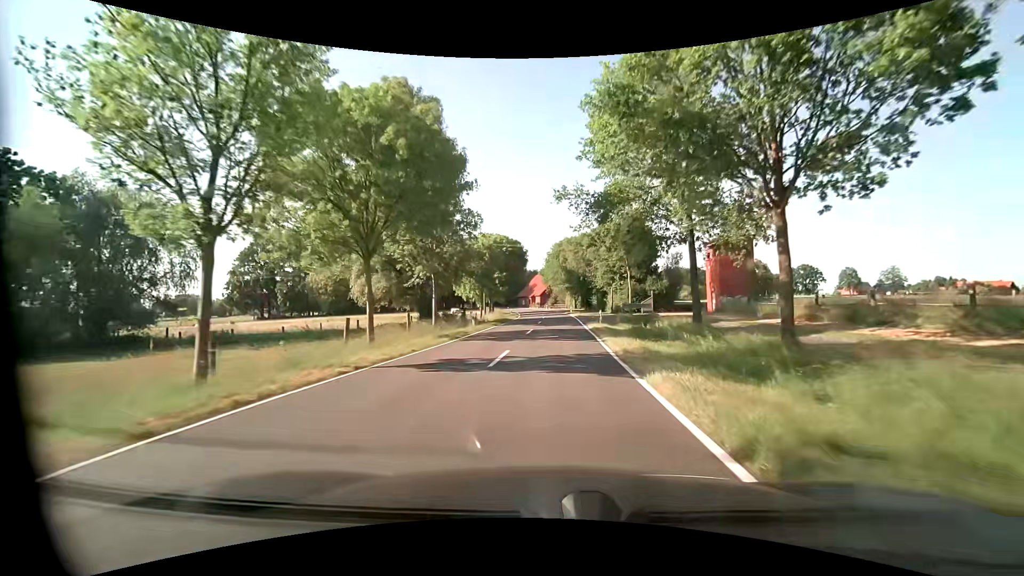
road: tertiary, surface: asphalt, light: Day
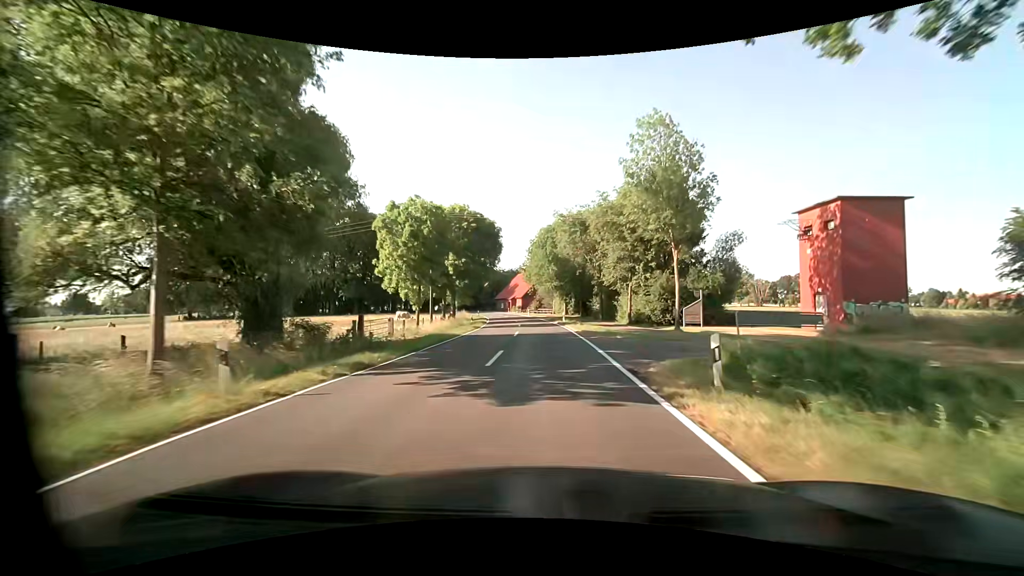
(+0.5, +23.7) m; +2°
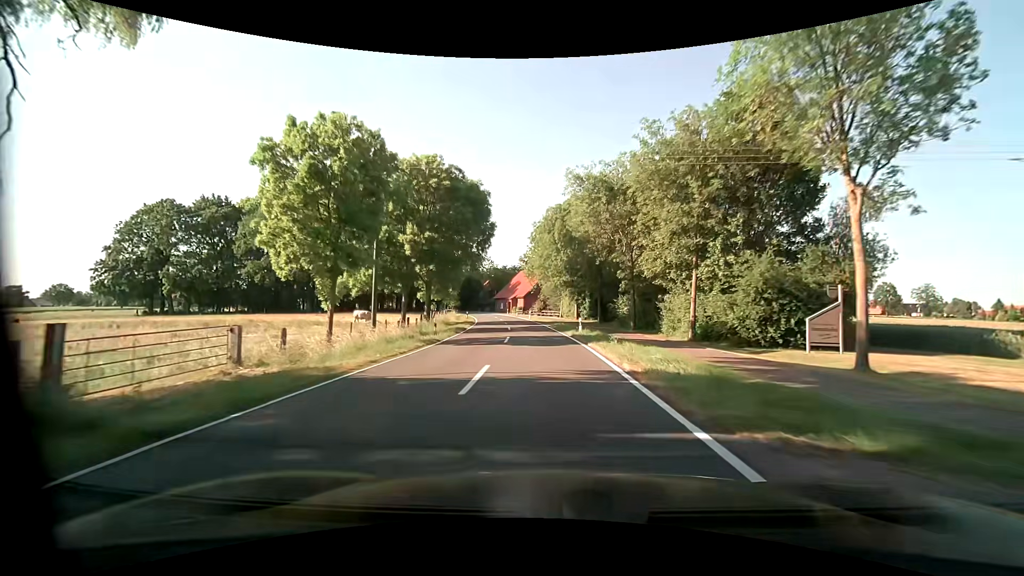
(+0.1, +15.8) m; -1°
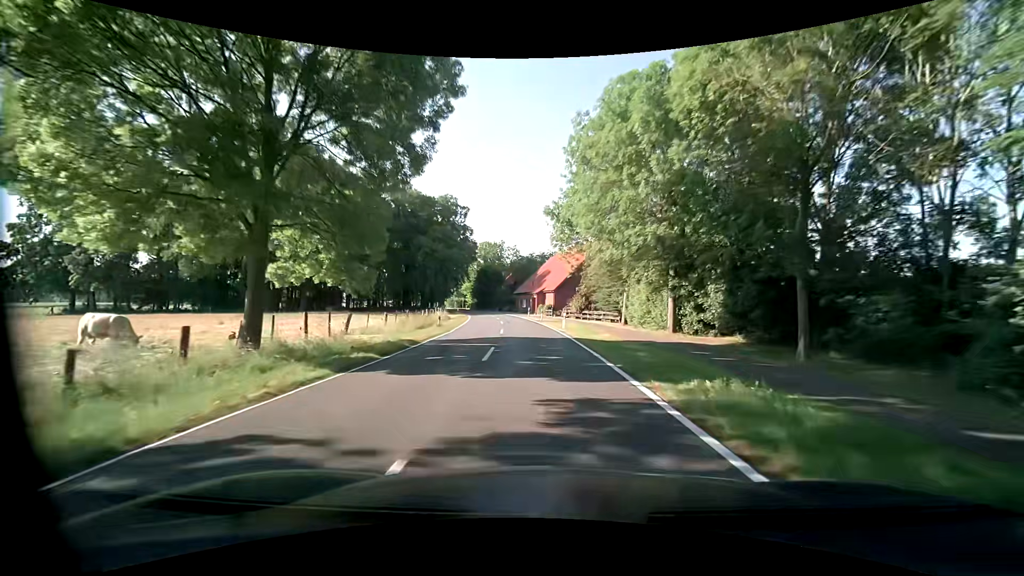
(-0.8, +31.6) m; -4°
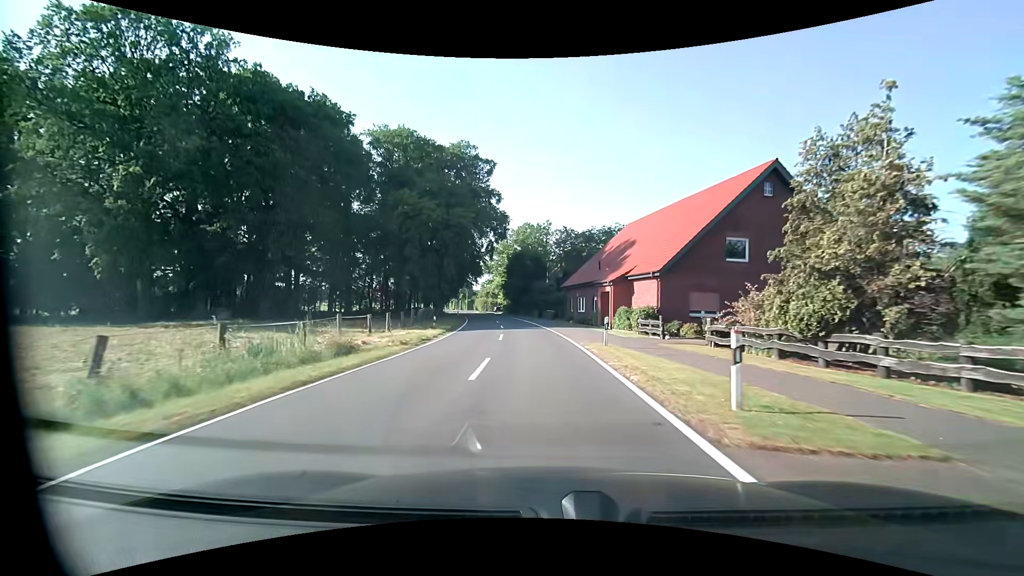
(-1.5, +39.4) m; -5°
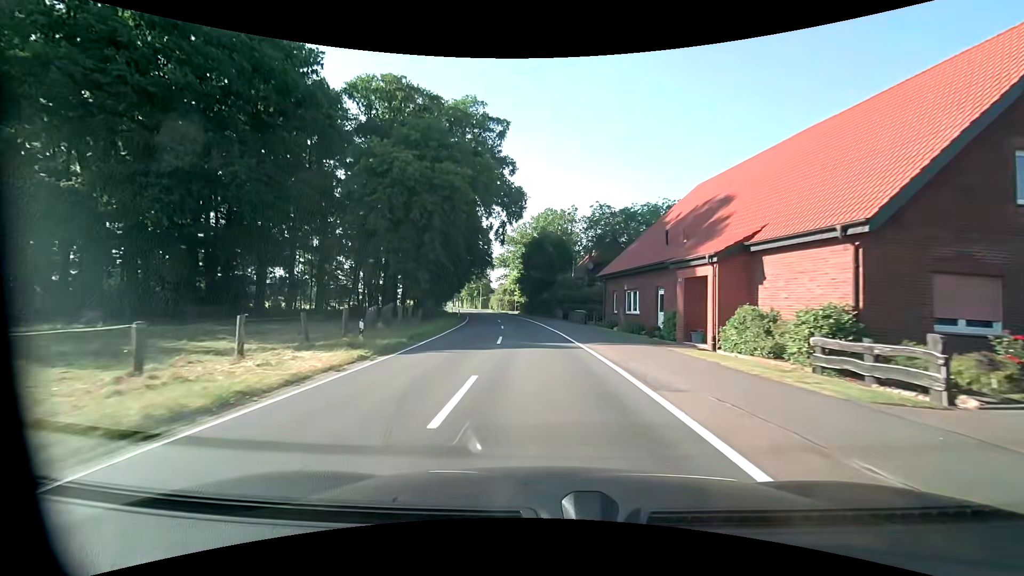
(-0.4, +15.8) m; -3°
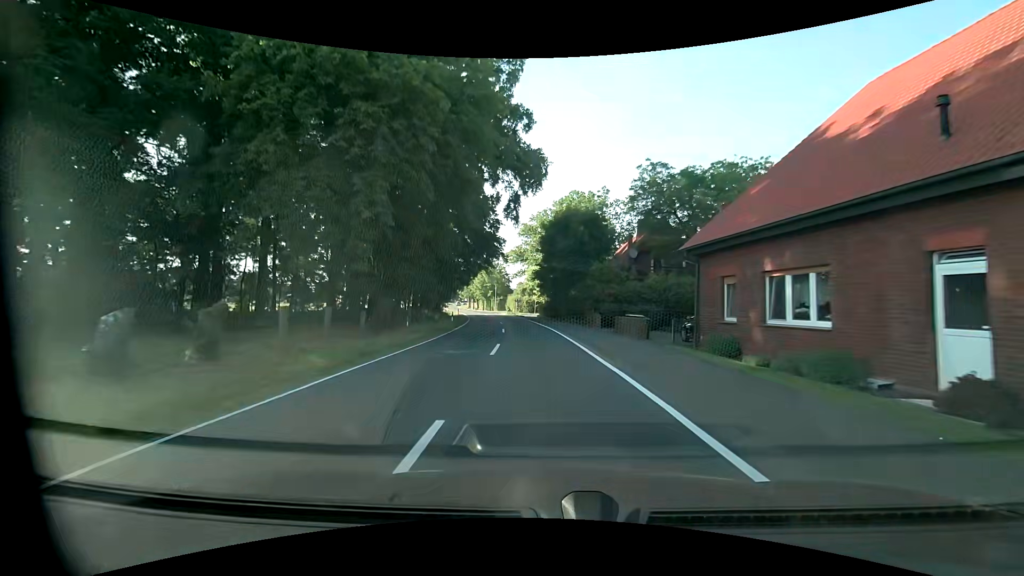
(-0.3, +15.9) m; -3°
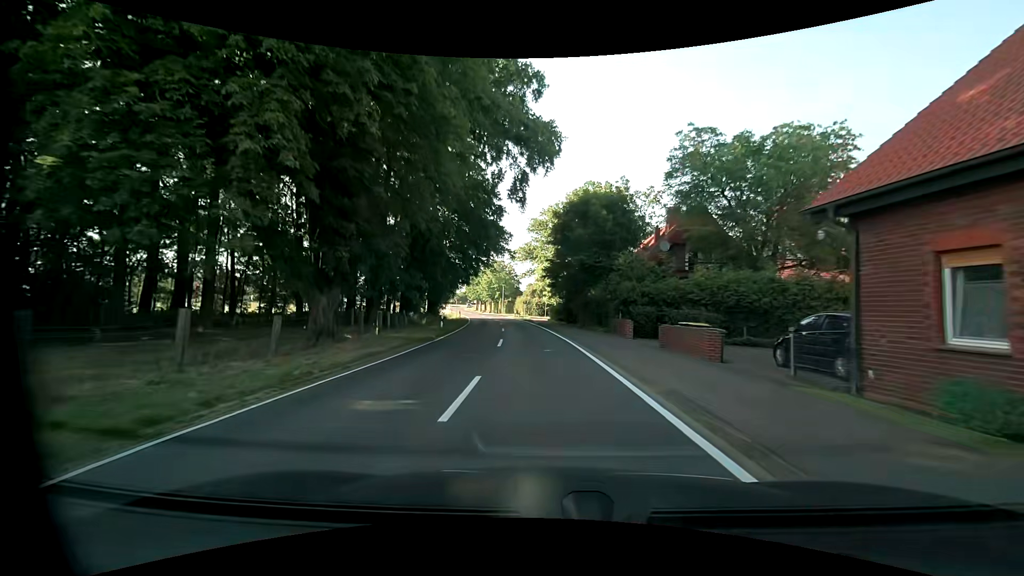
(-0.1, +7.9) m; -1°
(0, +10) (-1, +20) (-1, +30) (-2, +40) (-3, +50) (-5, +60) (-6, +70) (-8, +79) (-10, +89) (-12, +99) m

+ + + +

WORK INSTRUCTIONS: Everything in the entries above should be transcribed exactly, apart from the pictures.

EXERCISE RESPONSE:
road: tertiary, surface: asphalt, light: Day
(+0.5, +23.7) m; +2°
(+0.1, +15.8) m; -1°
(-0.8, +31.6) m; -4°
(-1.5, +39.4) m; -5°
(-0.4, +15.8) m; -3°
(-0.3, +15.9) m; -3°
(-0.1, +7.9) m; -1°
(0, +10) (-1, +20) (-1, +30) (-2, +40) (-3, +50) (-5, +60) (-6, +70) (-8, +79) (-10, +89) (-12, +99) m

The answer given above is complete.